**DESCRIPTION OF THE TASK**
For this exercise, copy the records below exactly and exclude every image.

**EXERCISE MATERIAL**
*** Block opens ***
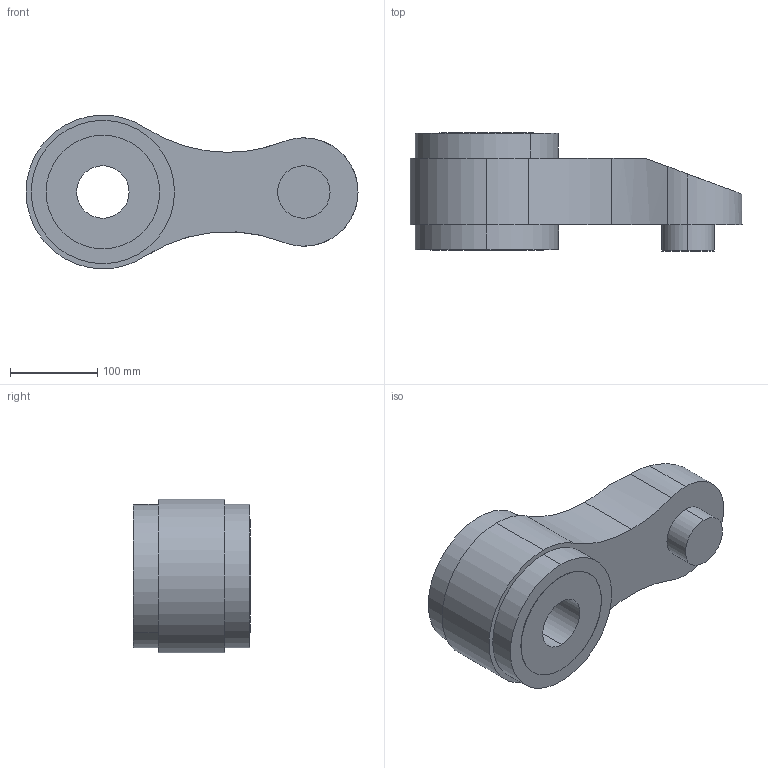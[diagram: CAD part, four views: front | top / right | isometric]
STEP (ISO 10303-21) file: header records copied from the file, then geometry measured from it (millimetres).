
FILE_DESCRIPTION (( 'STEP AP203' ), '1' );
FILE_NAME ('CanhTay2_Default_sldprt.STEP', '2022-08-02T03:04:35', ( '' ), ( '' ), 'SwSTEP 2.0', 'SolidWorks 2020', '' );
FILE_SCHEMA (( 'CONFIG_CONTROL_DESIGN' ));
Length unit declared in the file: millimetre
Products named in the file (1): CanhTay2_Default_sldprt
Bounding box: 380 x 135 x 176 mm (x, y, z)
Volume: 4177151.3 mm3; surface area: 221715.3 mm2
Topology: 2 solids, 2 shells, 33 faces, 72 edges, 48 vertices
Faces by surface type: cylinder 23, plane 10
Entity records: 1008 total; most frequent: DIRECTION 178, CARTESIAN_POINT 169, ORIENTED_EDGE 144, AXIS2_PLACEMENT_3D 77, EDGE_CURVE 72, VERTEX_POINT 48, CIRCLE 43, EDGE_LOOP 40
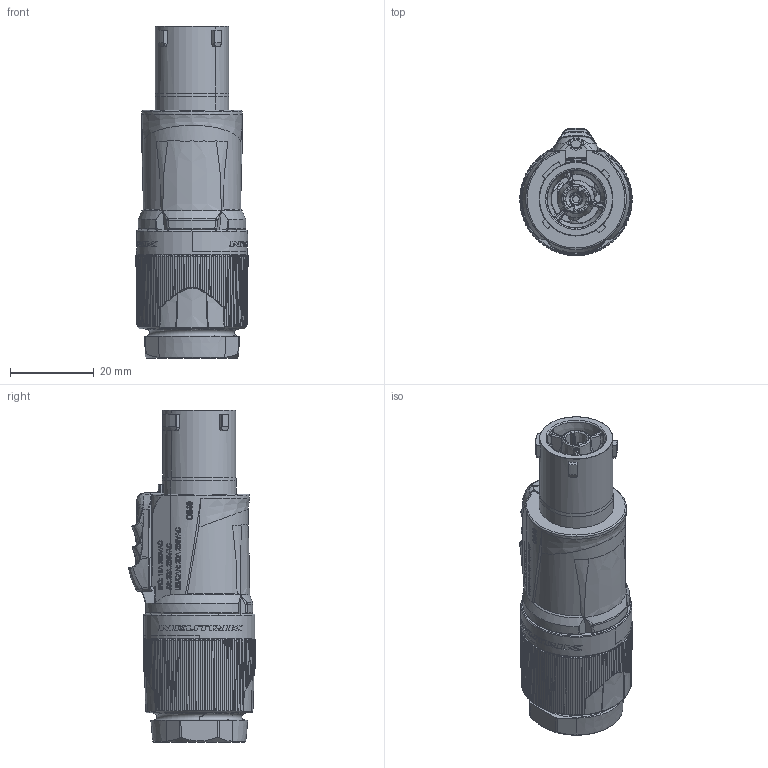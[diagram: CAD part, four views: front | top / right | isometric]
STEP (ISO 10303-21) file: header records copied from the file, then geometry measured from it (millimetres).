
FILE_DESCRIPTION((''),'2;1');
FILE_NAME('30012174','2025-01-30T14:48:51',('SYSTEM'),(''),'CREO PARAMETRIC BY PTC INC, 2023424','CREO PARAMETRIC BY PTC INC, 2023424','');
FILE_SCHEMA(('CONFIG_CONTROL_DESIGN'));
Products named in the file (1): 30012174
Bounding box: 26.83 x 30.32 x 79.25 mm (x, y, z)
Volume: 33411.2 mm3; surface area: 8151.8 mm2
Topology: 1 solids, 1 shells, 2954 faces, 7711 edges, 4878 vertices
Faces by surface type: plane 1194, extrusion 751, bspline 478, cylinder 220, cone 137, torus 124, sphere 50
Entity records: 117190 total; most frequent: CARTESIAN_POINT 53044, ORIENTED_EDGE 15418, DIRECTION 9422, EDGE_CURVE 7709, VERTEX_POINT 4878, B_SPLINE_CURVE_WITH_KNOTS 4385, VECTOR 3680, EDGE_LOOP 3075
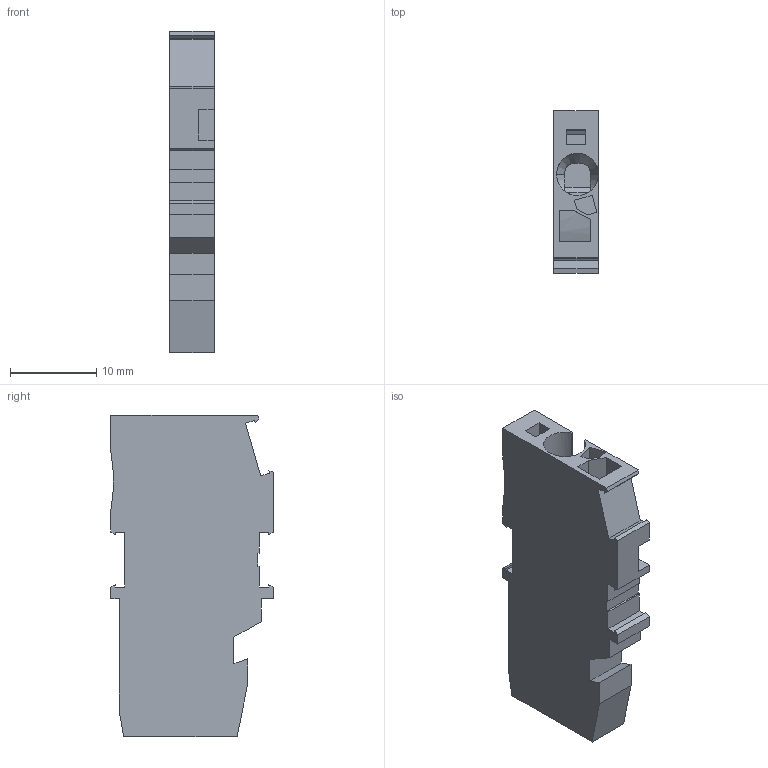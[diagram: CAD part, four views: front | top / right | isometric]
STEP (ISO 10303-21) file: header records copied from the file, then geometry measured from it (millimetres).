
FILE_DESCRIPTION(('Creo Elements/Direct Modeling STEP Export'),'2;1');
FILE_NAME('model.stp','2017-12-04T11:46:56',(''),(''),'Creo Elements/Direct Modeling STEP processor for AP214 (Solid Model)','Creo Elements/Direct Modeling 18.1I 14-Aug-2016 (C) Parametric Technology GmbH','');
FILE_SCHEMA(('AUTOMOTIVE_DESIGN { 1 0 10303 214 1 1 1 1 }'));
Length unit declared in the file: millimetre
Products named in the file (2): SC_2.5_1-L_GNYE-select
Assembly tree (1 placements, depth 2):
  SC_2.5_1-L_GNYE-select
    SC_2.5_1-L_GNYE-select
Bounding box: 5.15 x 18.8 x 37.15 mm (x, y, z)
Volume: 2081.4 mm3; surface area: 2503.7 mm2
Topology: 1 solids, 1 shells, 116 faces, 327 edges, 216 vertices
Faces by surface type: plane 105, cylinder 8, cone 3
Entity records: 5187 total; most frequent: CARTESIAN_POINT 1205, ORIENTED_EDGE 654, DIRECTION 570, EDGE_CURVE 327, VECTOR 298, LINE 298, VERTEX_POINT 216, AXIS2_PLACEMENT_3D 136
*** Block closes ***
**RESPONSE TO THIS TASK**
[diagram: CAD part, four views: front | top / right | isometric]
STEP (ISO 10303-21) file: header records copied from the file, then geometry measured from it (millimetres).
FILE_DESCRIPTION (( 'STEP AP203' ), '1' );
FILE_NAME ('CanhTay2_Default_sldprt.STEP', '2022-08-02T03:04:35', ( '' ), ( '' ), 'SwSTEP 2.0', 'SolidWorks 2020', '' );
FILE_SCHEMA (( 'CONFIG_CONTROL_DESIGN' ));
Length unit declared in the file: millimetre
Products named in the file (1): CanhTay2_Default_sldprt
Bounding box: 380 x 135 x 176 mm (x, y, z)
Volume: 4177151.3 mm3; surface area: 221715.3 mm2
Topology: 2 solids, 2 shells, 33 faces, 72 edges, 48 vertices
Faces by surface type: cylinder 23, plane 10
Entity records: 1008 total; most frequent: DIRECTION 178, CARTESIAN_POINT 169, ORIENTED_EDGE 144, AXIS2_PLACEMENT_3D 77, EDGE_CURVE 72, VERTEX_POINT 48, CIRCLE 43, EDGE_LOOP 40
[diagram: CAD part, four views: front | top / right | isometric]
STEP (ISO 10303-21) file: header records copied from the file, then geometry measured from it (millimetres).
FILE_DESCRIPTION((''),'2;1');
FILE_NAME('30012174','2025-01-30T14:48:51',('SYSTEM'),(''),'CREO PARAMETRIC BY PTC INC, 2023424','CREO PARAMETRIC BY PTC INC, 2023424','');
FILE_SCHEMA(('CONFIG_CONTROL_DESIGN'));
Products named in the file (1): 30012174
Bounding box: 26.83 x 30.32 x 79.25 mm (x, y, z)
Volume: 33411.2 mm3; surface area: 8151.8 mm2
Topology: 1 solids, 1 shells, 2954 faces, 7711 edges, 4878 vertices
Faces by surface type: plane 1194, extrusion 751, bspline 478, cylinder 220, cone 137, torus 124, sphere 50
Entity records: 117190 total; most frequent: CARTESIAN_POINT 53044, ORIENTED_EDGE 15418, DIRECTION 9422, EDGE_CURVE 7709, VERTEX_POINT 4878, B_SPLINE_CURVE_WITH_KNOTS 4385, VECTOR 3680, EDGE_LOOP 3075
[diagram: CAD part, four views: front | top / right | isometric]
STEP (ISO 10303-21) file: header records copied from the file, then geometry measured from it (millimetres).
FILE_DESCRIPTION(('Creo Elements/Direct Modeling STEP Export'),'2;1');
FILE_NAME('model.stp','2017-12-04T11:46:56',(''),(''),'Creo Elements/Direct Modeling STEP processor for AP214 (Solid Model)','Creo Elements/Direct Modeling 18.1I 14-Aug-2016 (C) Parametric Technology GmbH','');
FILE_SCHEMA(('AUTOMOTIVE_DESIGN { 1 0 10303 214 1 1 1 1 }'));
Length unit declared in the file: millimetre
Products named in the file (2): SC_2.5_1-L_GNYE-select
Assembly tree (1 placements, depth 2):
  SC_2.5_1-L_GNYE-select
    SC_2.5_1-L_GNYE-select
Bounding box: 5.15 x 18.8 x 37.15 mm (x, y, z)
Volume: 2081.4 mm3; surface area: 2503.7 mm2
Topology: 1 solids, 1 shells, 116 faces, 327 edges, 216 vertices
Faces by surface type: plane 105, cylinder 8, cone 3
Entity records: 5187 total; most frequent: CARTESIAN_POINT 1205, ORIENTED_EDGE 654, DIRECTION 570, EDGE_CURVE 327, VECTOR 298, LINE 298, VERTEX_POINT 216, AXIS2_PLACEMENT_3D 136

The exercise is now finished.